We have a prime $p$ and an integer $k > 0$. When does the following equation stand?
$(p-1)! + 1 = p^k $
I have obviously tried for some little numbers, and in some cases, it stands:
For $ p=2$ and $k=1, 1 + 1 = 2$.
For $ p=3$ and $k=1, 2 +1 = 3.$
For $ p=5$ and $k=2, 24 + 1 = 25.$
Any ideas, how to prove, if there are more, and if yes, what are the solutions?
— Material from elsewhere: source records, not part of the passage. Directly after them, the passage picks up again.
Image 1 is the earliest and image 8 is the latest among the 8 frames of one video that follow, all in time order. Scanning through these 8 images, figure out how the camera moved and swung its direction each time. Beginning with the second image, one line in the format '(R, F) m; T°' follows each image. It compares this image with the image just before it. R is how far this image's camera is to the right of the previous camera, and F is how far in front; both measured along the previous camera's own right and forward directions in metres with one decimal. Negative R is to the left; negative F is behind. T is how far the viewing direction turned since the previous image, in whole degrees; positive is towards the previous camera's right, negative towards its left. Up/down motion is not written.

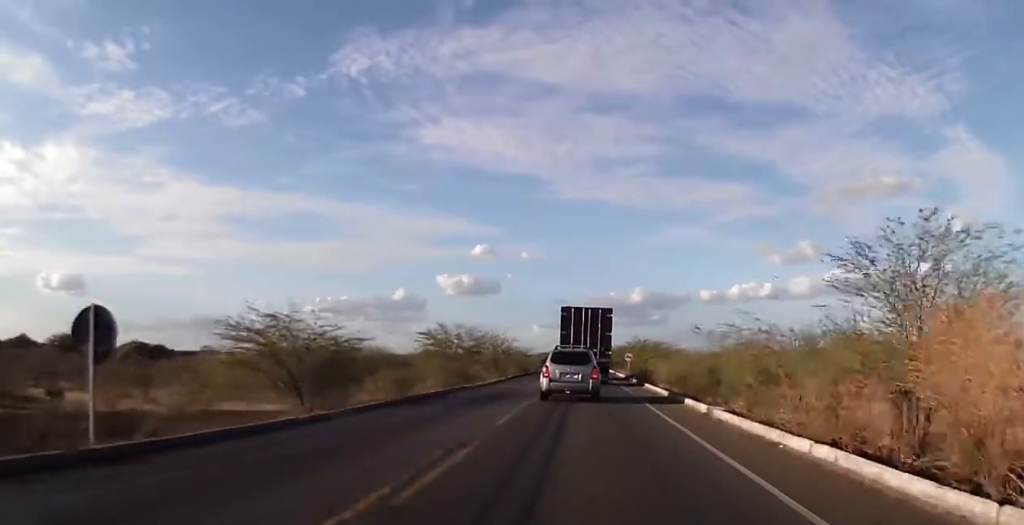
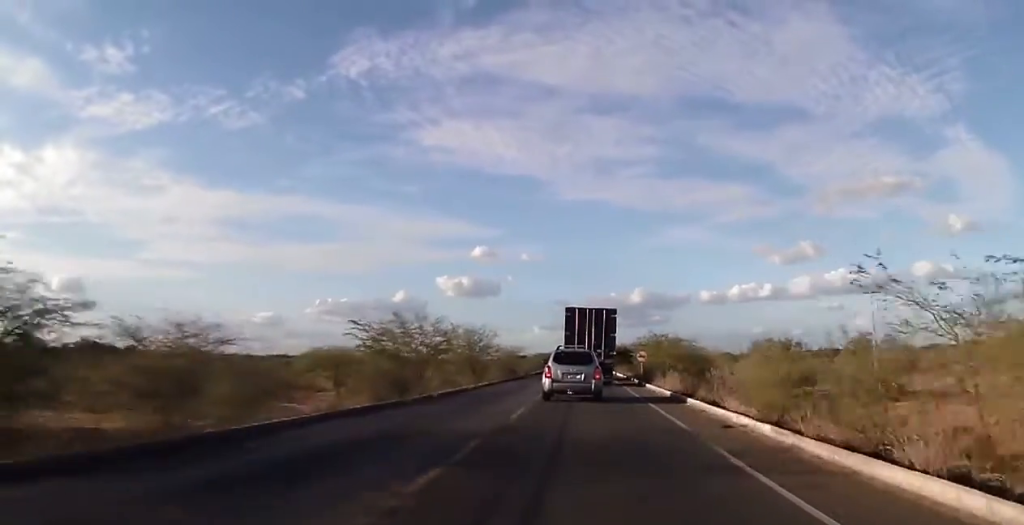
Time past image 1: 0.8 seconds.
(-0.1, +16.6) m; 0°
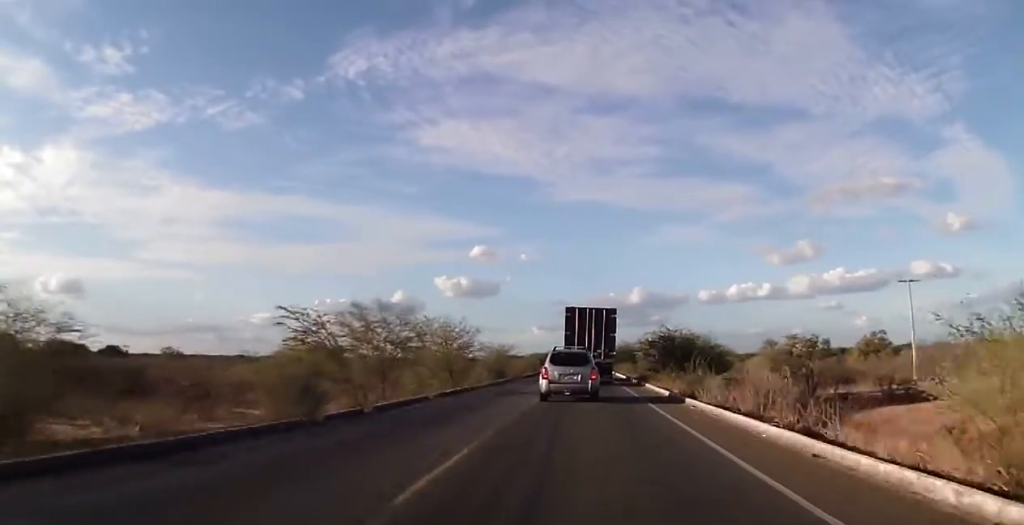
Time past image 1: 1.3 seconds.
(-0.1, +10.1) m; +1°
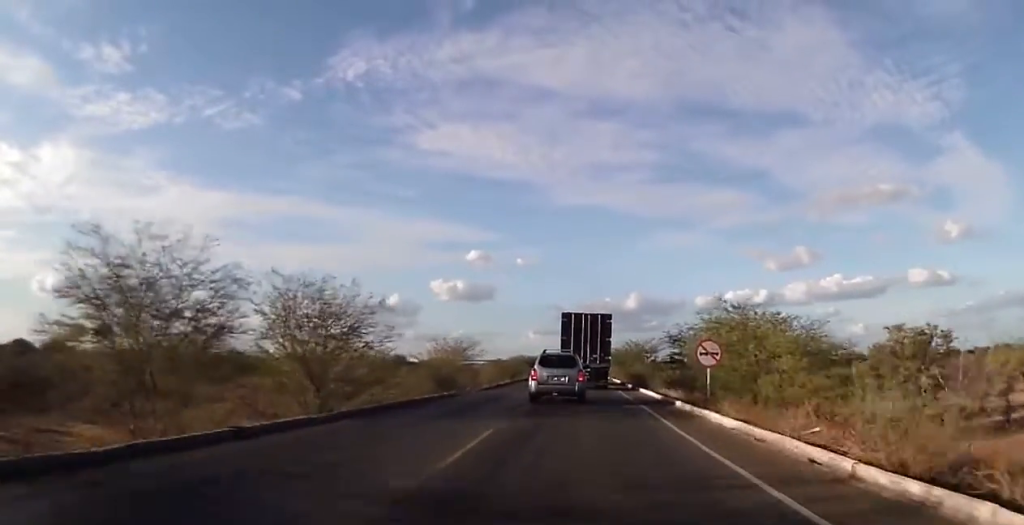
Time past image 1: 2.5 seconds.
(+0.6, +24.7) m; +2°
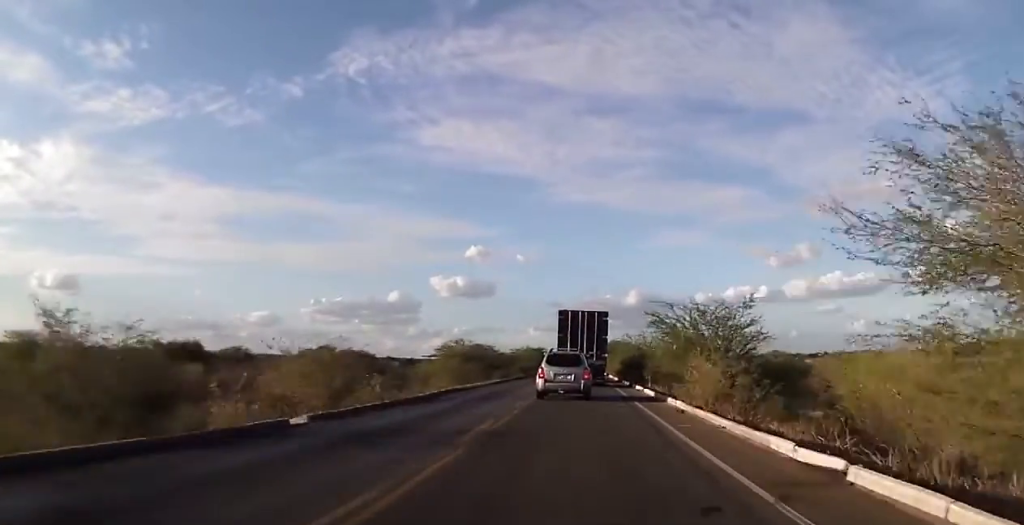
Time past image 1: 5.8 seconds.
(-1.1, +61.9) m; -2°
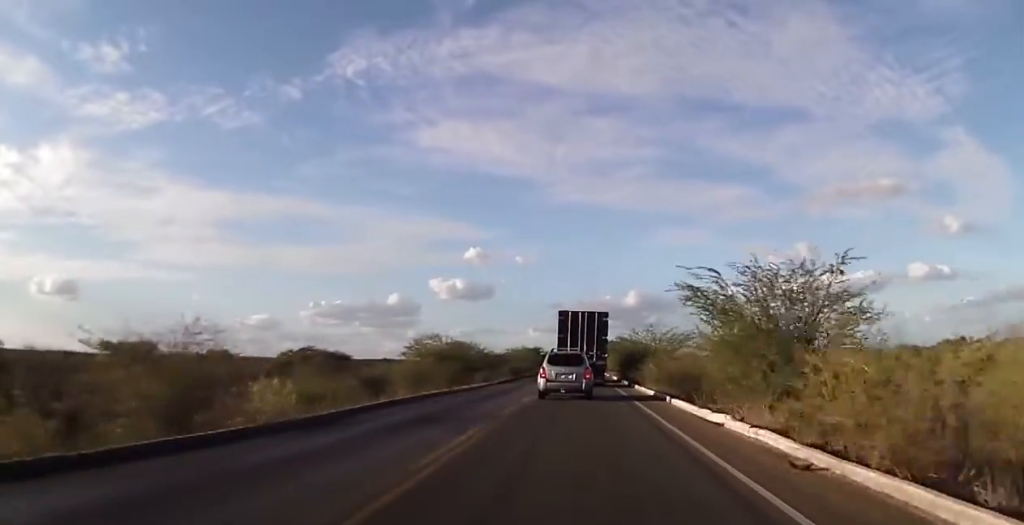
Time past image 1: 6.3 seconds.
(-0.1, +9.6) m; 0°
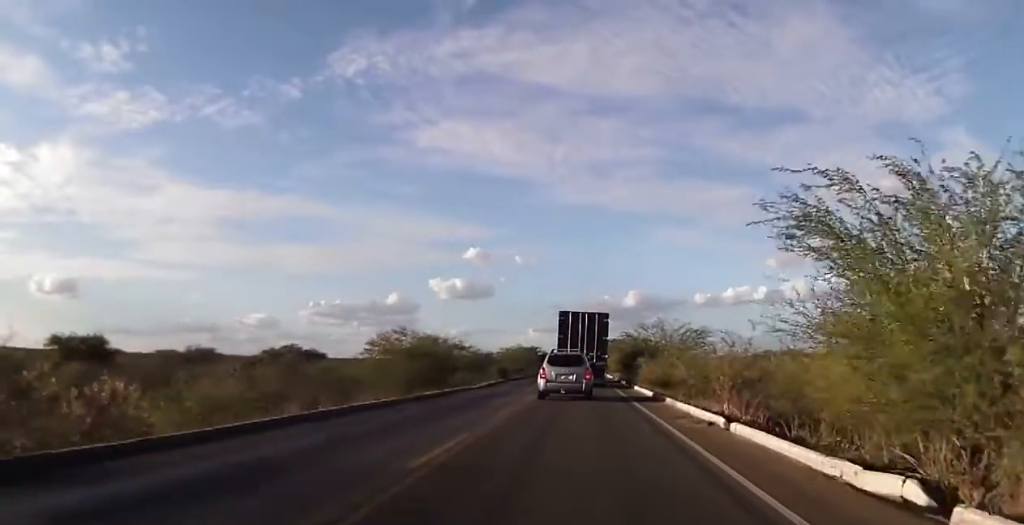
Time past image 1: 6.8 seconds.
(+0.1, +7.8) m; +1°
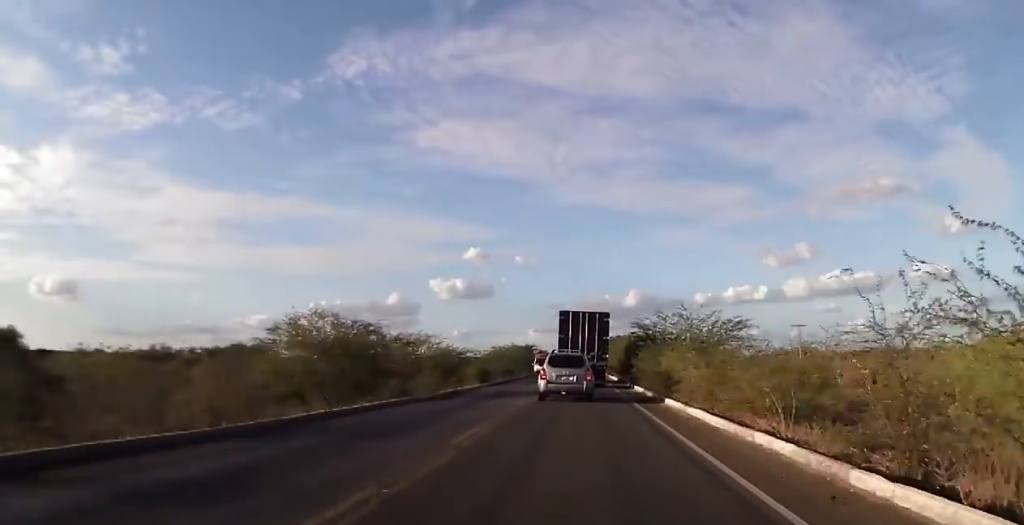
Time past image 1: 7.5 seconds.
(+0.1, +13.2) m; +1°

We show there cannot be any solutions for $p\gt 5$ $$(p-1)!+1 = p^k \implies (p-1)! = p^k-1 = (p-1)\sum\limits_{i=0}^{k-1}p^i$$
Cancel $p-1$ both sides and get $$(p-2)! = \sum\limits_{i=0}^{k-1}p^i$$
Notice that left hand side is divisible by $p-1$ for $p\gt 5$ $$\begin{align}0&\equiv \sum\limits_{i=0}^{k-1}p^i \pmod{p-1}\\0&\equiv \sum\limits_{i=0}^{k-1}1 \pmod{p-1}\\0&\equiv k \pmod{p-1}\\k&=t(p-1)\end{align}$$
So we need $k$ to be of form $t(p-1)$
$$(p-1)! + 1 = p^{t(p-1)}$$
Clearly this is impossible because $(p-1)! + 1 \lt p\cdot p\cdots (\text{p-1 times}) = p^{p-1}$
That proves there are no solutions for $p\gt 5$.